▶ [What to work on]:
Exactly retype the opening line of the entries and every line after it, ending with the line that contains "The image shows 23". Skip all pictures.
:::
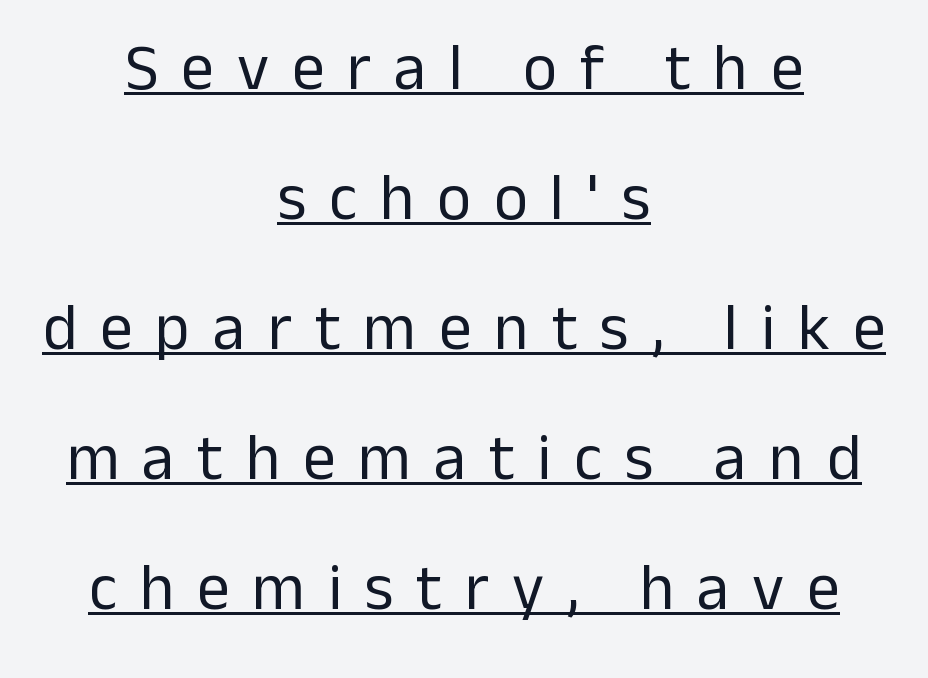
Q: Is the text bold? A: No.
Q: Is the text italic (slanted)? A: No, it is upright.
Q: Is the typeface a serif or a sans-serif typeface? A: Sans-serif.
Q: Is the text underlined? A: Yes.
Q: How is the paragraph aligned? A: Centered.
Q: Is the spacing between letters normal or unusually wide? A: Unusually wide.
Q: Is the spacing between lines tight, normal or loose? A: Loose.
Q: Width (condensed, normal, or wide)? A: Normal.
Q: Stroke contrast? A: Low.
Q: x-height? A: Medium.
Q: Monospaced? A: No.
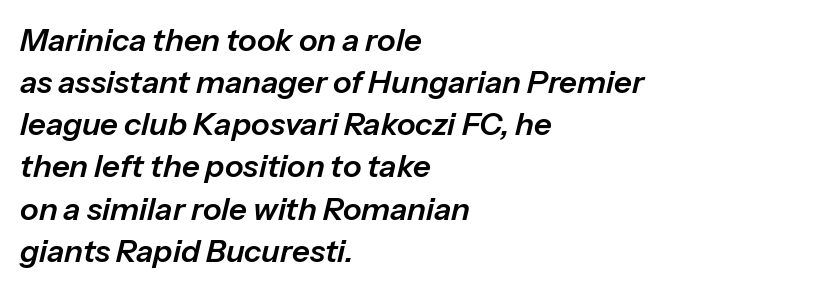
The image shows 31 px text type, italic (leaning right); set left-aligned, normal line spacing (1.36x), normal letter spacing, not underlined; low stroke contrast and a medium x-height.
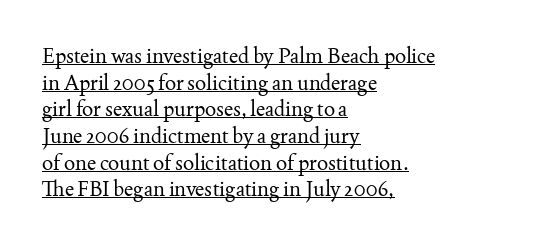
The image shows 21 px text type, upright; set left-aligned, normal line spacing (1.27x), normal letter spacing, underlined.
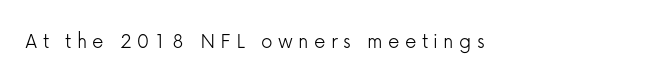
The image shows 23 px text type, upright; set left-aligned, unusually wide letter spacing (+0.23 em), not underlined.
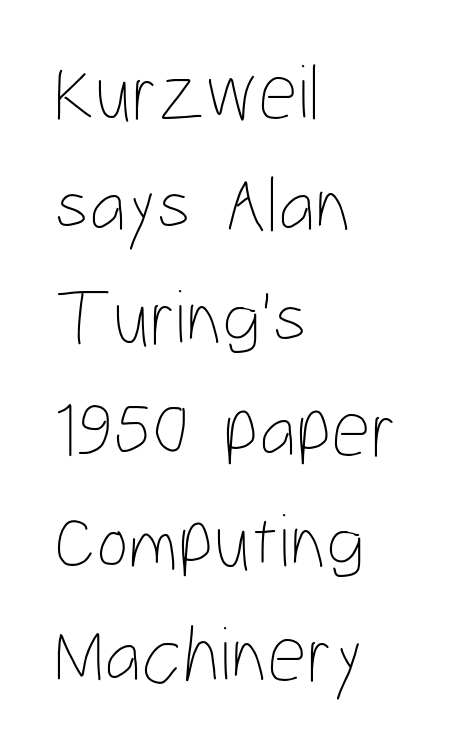
Q: Is the text bold? A: No.
Q: Is the text italic (slanted)? A: No, it is upright.
Q: Is the text underlined? A: No.
Q: How is the paragraph aligned? A: Left-aligned.
Q: Is the spacing between letters normal or unusually wide? A: Normal.
Q: Is the spacing between lines tight, normal or loose? A: Normal.
Q: Width (condensed, normal, or wide)? A: Condensed.
Q: Stroke contrast? A: Low.
Q: x-height? A: Medium.
Q: Monospaced? A: No.
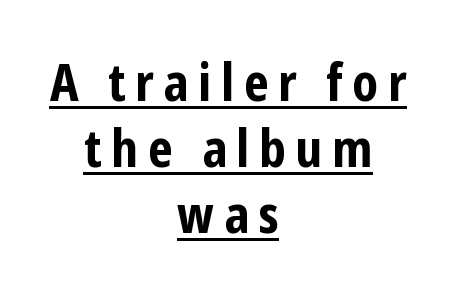
Q: Is the text bold? A: Yes.
Q: Is the text italic (slanted)? A: No, it is upright.
Q: Is the typeface a serif or a sans-serif typeface? A: Sans-serif.
Q: Is the text underlined? A: Yes.
Q: How is the paragraph aligned? A: Centered.
Q: Is the spacing between lines tight, normal or loose? A: Normal.
Q: Width (condensed, normal, or wide)? A: Condensed.
Q: Stroke contrast? A: Low.
Q: x-height? A: Medium.
Q: Monospaced? A: No.
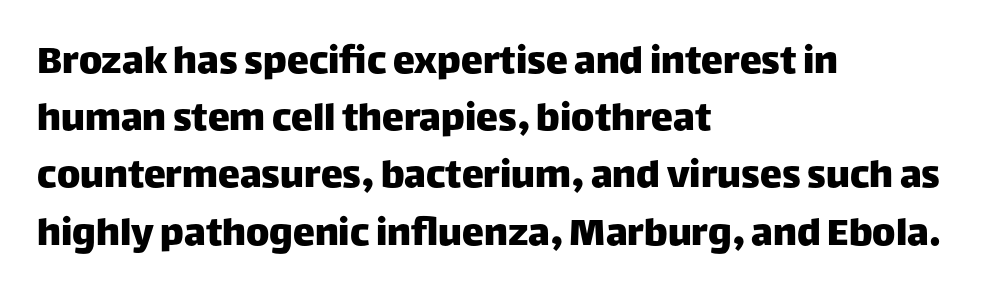
{"serif": "no", "italic": "no", "width": "normal", "stroke_contrast": "low", "x_height": "large", "monospaced": "no", "underline": "no", "align": "left", "line_spacing": "normal", "line_spacing_ratio": 1.3, "letter_spacing": "normal", "letter_spacing_em": 0.0, "glyph_px": 44}
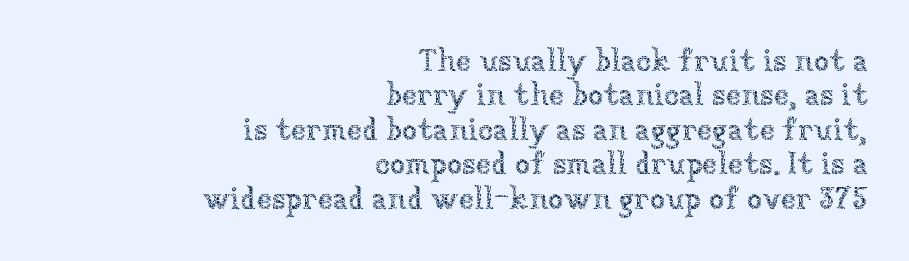
These lines stack with their right ends in a neat column. The face used here is proportionally spaced, like ordinary book or web type. No chunkiness to these letters — they're not bold. The words here are not underlined. The gaps between neighbouring characters are ordinary and unremarkable. Posture: upright roman.
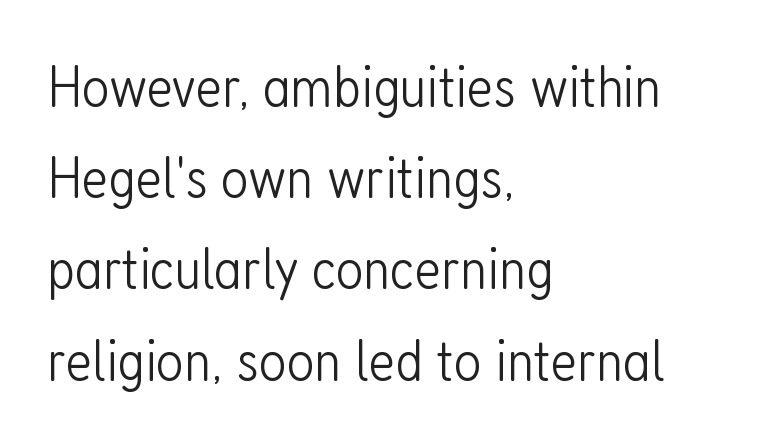
The image shows 60 px light, condensed sans-serif type, upright; set left-aligned, normal line spacing (1.52x), normal letter spacing, not underlined; low stroke contrast and a medium x-height.
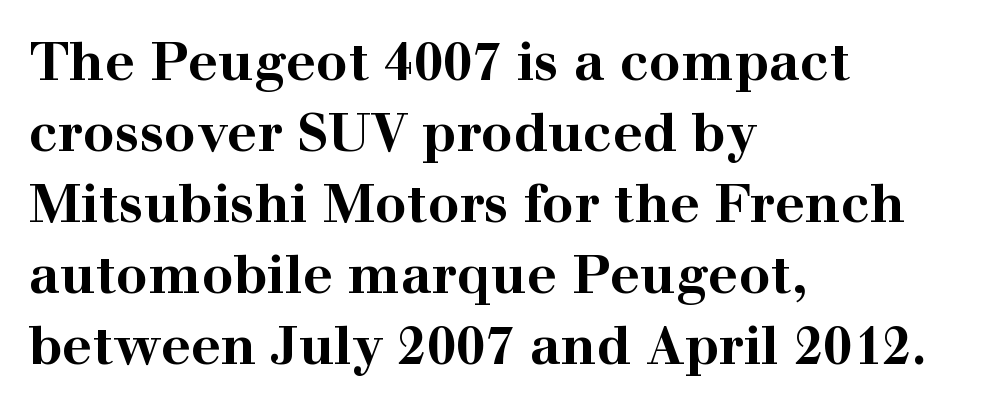
Notice how thick the strokes are: this is what a full bold looks like. The zone under the glyphs is completely vacant. Spacing between characters is what you'd get straight out of the box. Is the block centered? No — it sits flush against the left margin. The vertical gap from one line to the next is medium.
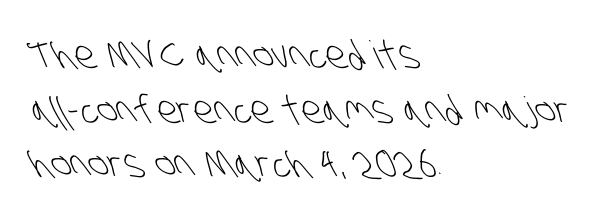
The image shows 38 px light, condensed sans-serif type; set left-aligned, normal line spacing (1.44x), normal letter spacing, not underlined; low stroke contrast and a large x-height.
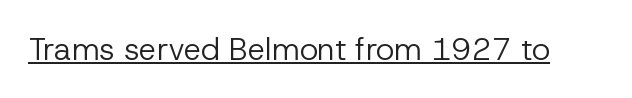
{"serif": "no", "italic": "no", "bold": "no", "weight": "regular", "width": "normal", "stroke_contrast": "low", "x_height": "medium", "monospaced": "no", "underline": "yes", "letter_spacing": "normal", "letter_spacing_em": 0.0, "glyph_px": 31}
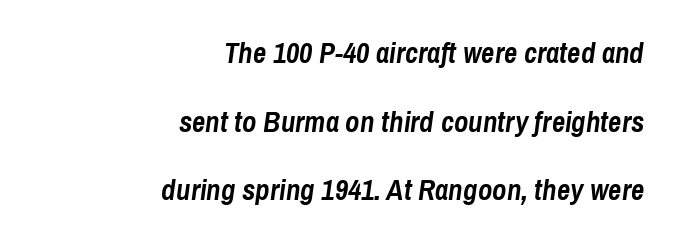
:::
▶ [Exercise solution]:
Q: Is the text bold? A: No.
Q: Is the text italic (slanted)? A: No, it is upright.
Q: Is the typeface a serif or a sans-serif typeface? A: Sans-serif.
Q: Is the text underlined? A: Yes.
Q: How is the paragraph aligned? A: Centered.
Q: Is the spacing between letters normal or unusually wide? A: Unusually wide.
Q: Is the spacing between lines tight, normal or loose? A: Loose.
Q: Width (condensed, normal, or wide)? A: Normal.
Q: Stroke contrast? A: Low.
Q: x-height? A: Medium.
Q: Monospaced? A: No.
The image shows 31 px text type, italic (leaning right); set left-aligned, normal line spacing (1.36x), normal letter spacing, not underlined; low stroke contrast and a medium x-height.
The image shows 21 px text type, upright; set left-aligned, normal line spacing (1.27x), normal letter spacing, underlined.
The image shows 23 px text type, upright; set left-aligned, unusually wide letter spacing (+0.23 em), not underlined.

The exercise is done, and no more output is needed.